** Goal of the exercise **
Exactly how many lines of the data below include the string "both"? State the number and nothing more.

** Stored data entries **
■ ■ ■
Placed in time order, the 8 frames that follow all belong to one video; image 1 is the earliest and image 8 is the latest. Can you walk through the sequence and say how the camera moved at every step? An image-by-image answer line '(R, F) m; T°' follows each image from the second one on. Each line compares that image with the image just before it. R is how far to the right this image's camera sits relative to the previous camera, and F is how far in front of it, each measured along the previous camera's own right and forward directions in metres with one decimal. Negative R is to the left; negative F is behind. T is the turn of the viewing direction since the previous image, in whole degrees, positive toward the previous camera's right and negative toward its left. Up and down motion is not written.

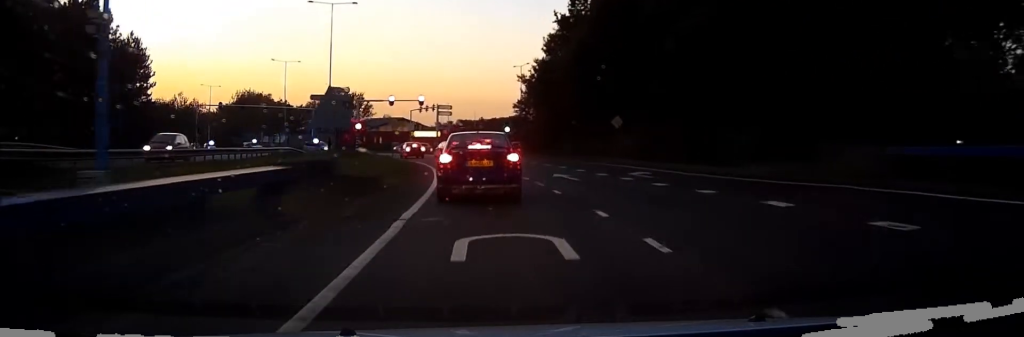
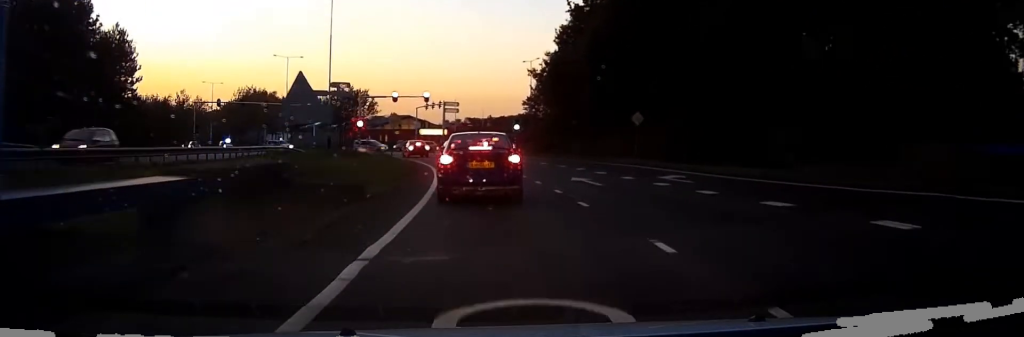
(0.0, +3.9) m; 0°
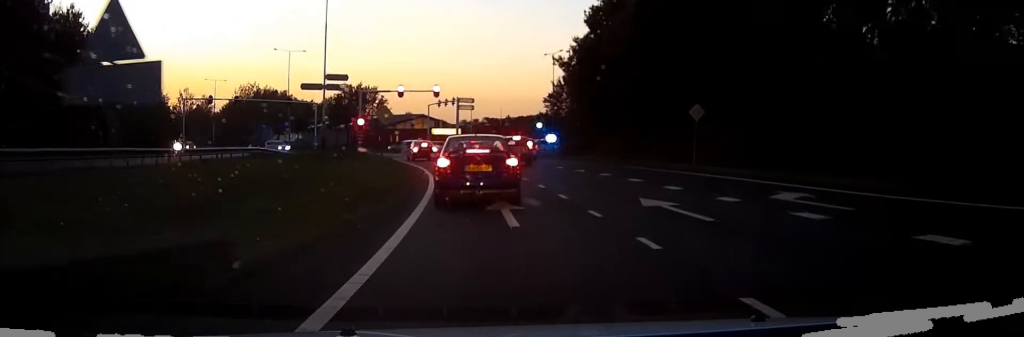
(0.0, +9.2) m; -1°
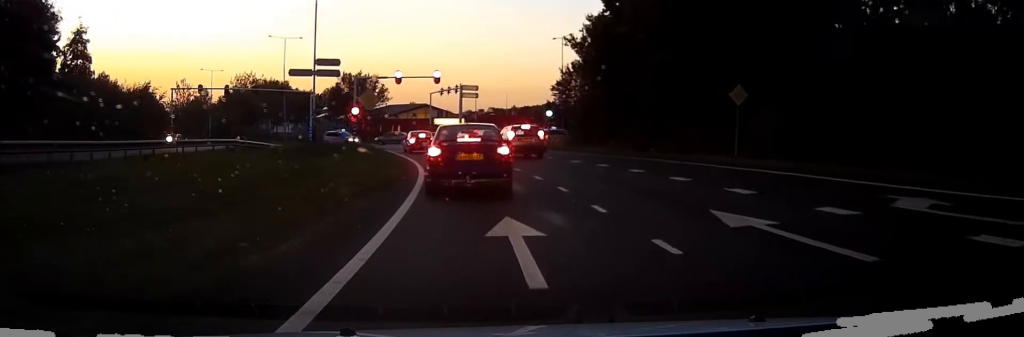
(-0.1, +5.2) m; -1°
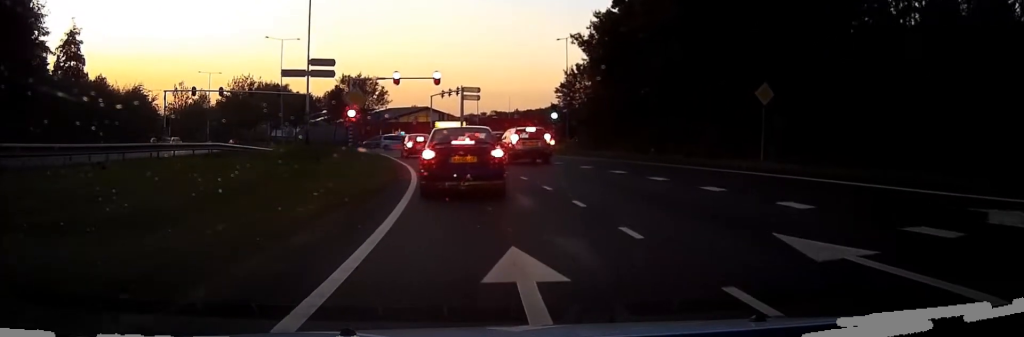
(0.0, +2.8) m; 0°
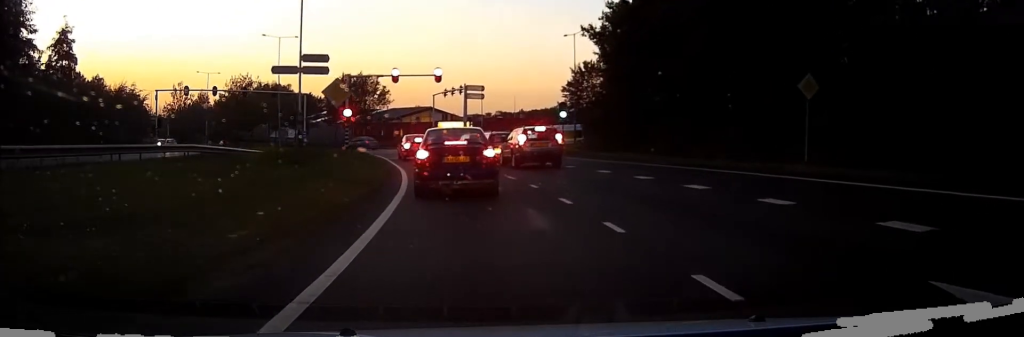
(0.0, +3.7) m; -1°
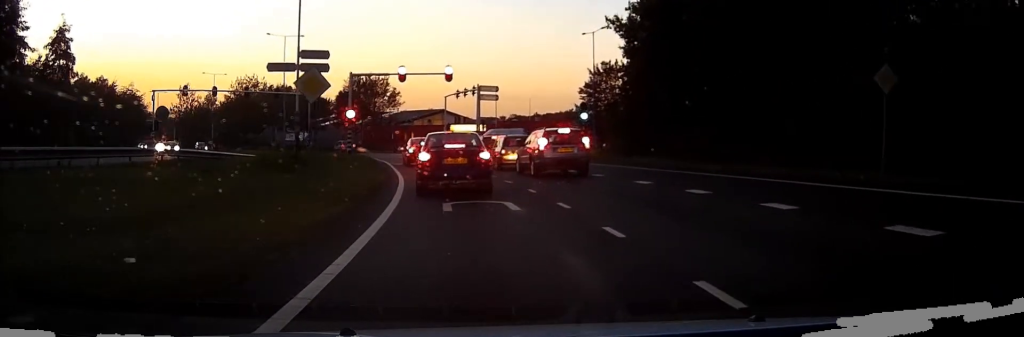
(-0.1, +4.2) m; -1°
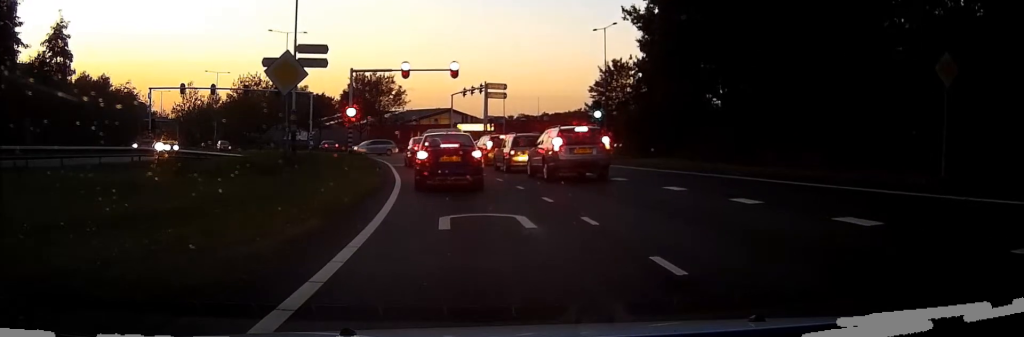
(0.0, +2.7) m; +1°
■ ■ ■
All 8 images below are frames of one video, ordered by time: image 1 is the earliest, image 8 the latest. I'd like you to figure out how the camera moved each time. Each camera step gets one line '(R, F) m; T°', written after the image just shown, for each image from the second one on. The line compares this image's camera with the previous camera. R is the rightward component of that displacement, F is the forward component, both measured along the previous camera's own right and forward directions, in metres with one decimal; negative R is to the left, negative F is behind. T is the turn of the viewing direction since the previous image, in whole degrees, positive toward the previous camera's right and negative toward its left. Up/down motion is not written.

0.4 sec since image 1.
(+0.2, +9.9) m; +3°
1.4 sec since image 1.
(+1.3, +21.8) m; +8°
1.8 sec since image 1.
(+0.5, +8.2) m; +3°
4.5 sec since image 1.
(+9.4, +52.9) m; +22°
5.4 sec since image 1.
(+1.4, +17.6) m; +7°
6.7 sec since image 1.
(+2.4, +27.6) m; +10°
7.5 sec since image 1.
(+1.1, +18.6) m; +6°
■ ■ ■
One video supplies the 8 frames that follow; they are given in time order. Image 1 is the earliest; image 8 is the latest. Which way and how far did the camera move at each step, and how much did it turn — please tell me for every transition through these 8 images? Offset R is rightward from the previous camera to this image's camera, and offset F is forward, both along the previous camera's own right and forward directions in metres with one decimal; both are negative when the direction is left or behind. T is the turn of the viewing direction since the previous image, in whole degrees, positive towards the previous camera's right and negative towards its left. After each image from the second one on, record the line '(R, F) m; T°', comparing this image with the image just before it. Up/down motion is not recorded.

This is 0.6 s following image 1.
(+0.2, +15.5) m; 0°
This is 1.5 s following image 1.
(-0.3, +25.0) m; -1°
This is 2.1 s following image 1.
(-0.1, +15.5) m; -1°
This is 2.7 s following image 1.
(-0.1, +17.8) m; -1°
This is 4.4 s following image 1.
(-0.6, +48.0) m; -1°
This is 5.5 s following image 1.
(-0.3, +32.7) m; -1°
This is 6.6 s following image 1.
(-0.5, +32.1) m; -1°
■ ■ ■
** Solved exercise **
2